11. Ask for new towels.

Call your stateroom attendant to request fresh towels if someone in your crew become sick. Yes, it is better for the environment to reuse towels rather than having them washed each day. But when on vacation in a small space, it is impossible to know who has touched which identical towel. Better safe than sorry!

Wipe down all high-touch surfaces in your cruise cabin
Wipe down all high-touch surfaces in your cruise cabin (Photo credit: Rusgri, Depositphotos.com)

12. Buy disinfectant wipes.

Upon hearing about my daughter’s cruise ship illness, my friend who is the former editor of Trekaroo, Liling Pang, advised me to disinfect our stateroom with antibacterial wipes. She said, “I wipe, wipe, wipe when we travel and it’s worked wonders. I’m not usually germaphobic, but I totally am when we are traveling because there is nothing worse than being sick on a trip.” I purchased some wipes at our next port of call and thoroughly disinfected our stateroom. I’ve been doing the same on every trip since our cruise, too.

Whether staying on a cruise ship, in a hotel room, or in a vacation rental — plan to bring a package or two of disinfectant wipes to sanitize your temporary home. Wipe down high-touch surfaces like remote controls, door handles, and light switches.

Staying hydrated helps cruisers stay healthy
Staying hydrated helps cruisers stay healthy (Photo credit: Krakenimages.com, Depositphotos.com)

13. Drink lots of fluids.

Dehydration can become a serious problem when traveling, especially if experiencing vomiting or diarrhea. Be sure to stay hydrated during your travels. Drink plenty of purified water and/or electrolyte-infused hydration beverages. Adults should also avoid drinking too much alcohol, which can increase dehydration.

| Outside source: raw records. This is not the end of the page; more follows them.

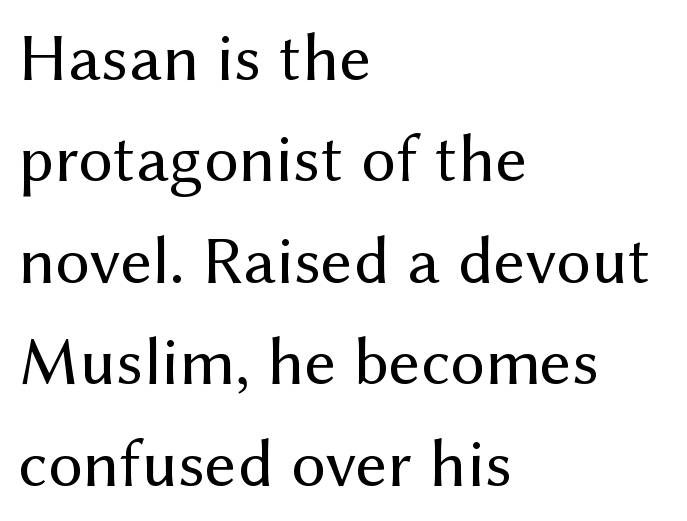
The image shows 69 px regular-weight sans-serif type, upright; set left-aligned, normal line spacing (1.47x), normal letter spacing, not underlined; medium stroke contrast and a medium x-height.
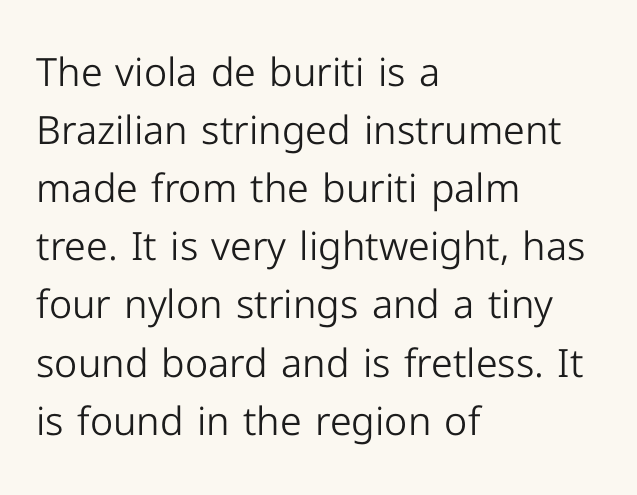
The image shows 39 px light sans-serif type, upright; set left-aligned, normal line spacing (1.49x), normal letter spacing, not underlined; low stroke contrast and a medium x-height.
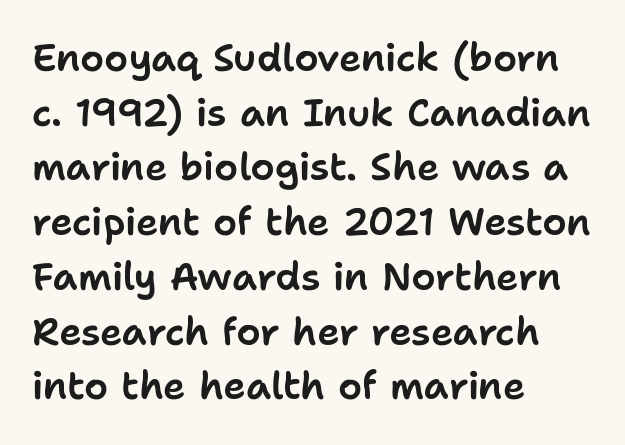
Q: Is the text italic (slanted)? A: No, it is upright.
Q: Is the typeface a serif or a sans-serif typeface? A: Sans-serif.
Q: Is the text underlined? A: No.
Q: How is the paragraph aligned? A: Left-aligned.
Q: Is the spacing between letters normal or unusually wide? A: Normal.
Q: Is the spacing between lines tight, normal or loose? A: Normal.
Q: Width (condensed, normal, or wide)? A: Normal.
Q: Stroke contrast? A: Low.
Q: x-height? A: Medium.
Q: Monospaced? A: No.
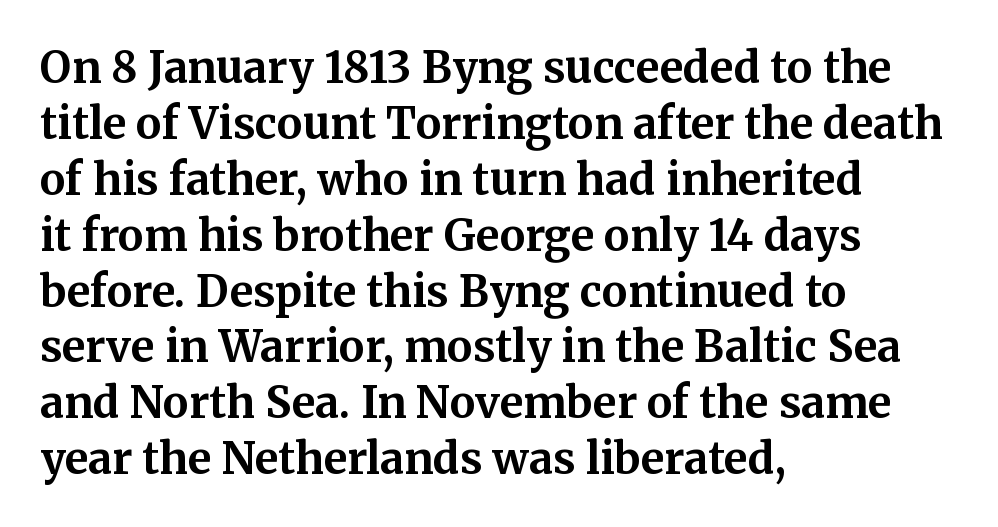
Q: Is the text bold? A: Yes.
Q: Is the text italic (slanted)? A: No, it is upright.
Q: Is the typeface a serif or a sans-serif typeface? A: Serif.
Q: Is the text underlined? A: No.
Q: How is the paragraph aligned? A: Left-aligned.
Q: Is the spacing between letters normal or unusually wide? A: Normal.
Q: Is the spacing between lines tight, normal or loose? A: Normal.
Q: Width (condensed, normal, or wide)? A: Normal.
Q: Stroke contrast? A: Medium.
Q: x-height? A: Medium.
Q: Monospaced? A: No.
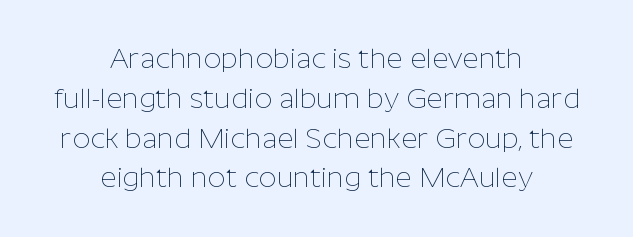
Proportional: the letters do not fall into vertical columns. The font is comparable to plain body text, perhaps lighter. Interline gaps are of average width in this sample. Descenders are the only things crossing below the line.
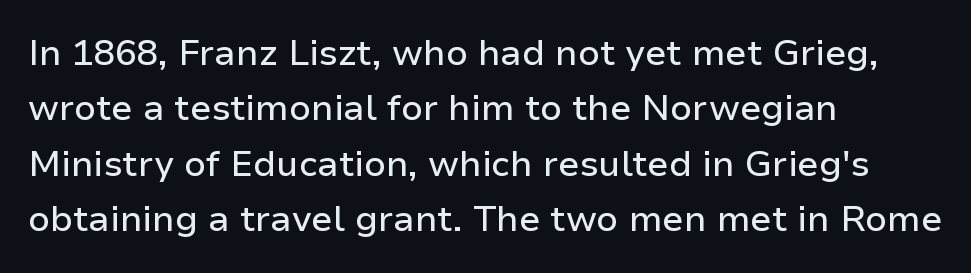
The image shows 36 px sans-serif type, upright; set left-aligned, normal line spacing (1.54x), normal letter spacing, not underlined; low stroke contrast and a medium x-height.
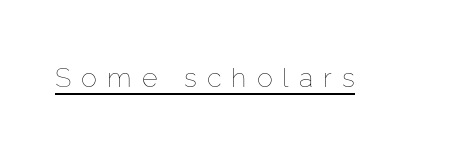
{"italic": "no", "bold": "no", "underline": "yes", "letter_spacing": "wide", "letter_spacing_em": 0.37, "glyph_px": 27}

Come prepared by packing lightweight electrolyte-infused powder packets, which can easily dissolved in water. Pedialyte electrolyte powders come in kid-pleasing flavors like strawberry, fruit punch, grape, and apple.

Get vaccinated before you cruise
Get vaccinated before you cruise (Photo credit: didesign, Depositphotos.com)

14. Get vaccinations before you set sail.

If you will be cruising to one or more foreign destinations, various vaccines may be required or recommended for your safety. Check with the CDC and your cruise line to see which vaccinations you might need. You should also make sure your entire family is up-to-date on routine vaccines and get those annual flu shots to stay healthy throughout your cruise.

Avoid cruise illness by getting good sleep
Sleep is important for good health at any age (Photo credit: Wavebreakmedia, Depositphotos.com)

15. Make good sleep a priority while cruising.

It can be tempting to stay up late and hit that midnight buffet or karaoke night when cruising. But a good night’s sleep is essential to feel your best at any age. Plus, your immune system works optimally when well-rested. Therefore, try to maintain good sleep habits during your cruise by going to bed at a fairly decent hour and reenacting your family’s at-home sleep routines.

Follow these cruise illness tips to get back to enjoying your family vacation
Follow these cruise illness tips to get back to enjoying your family vacation (Photo credit: Scharfsinn, Depositphotos.com)

Learn more travel tips.

Cruising is a fun and convenient way to see the world. Plus, many cruise lines offer kid-friendly entertainment as well as free childcare. Take a look at our tips for cruising with kids.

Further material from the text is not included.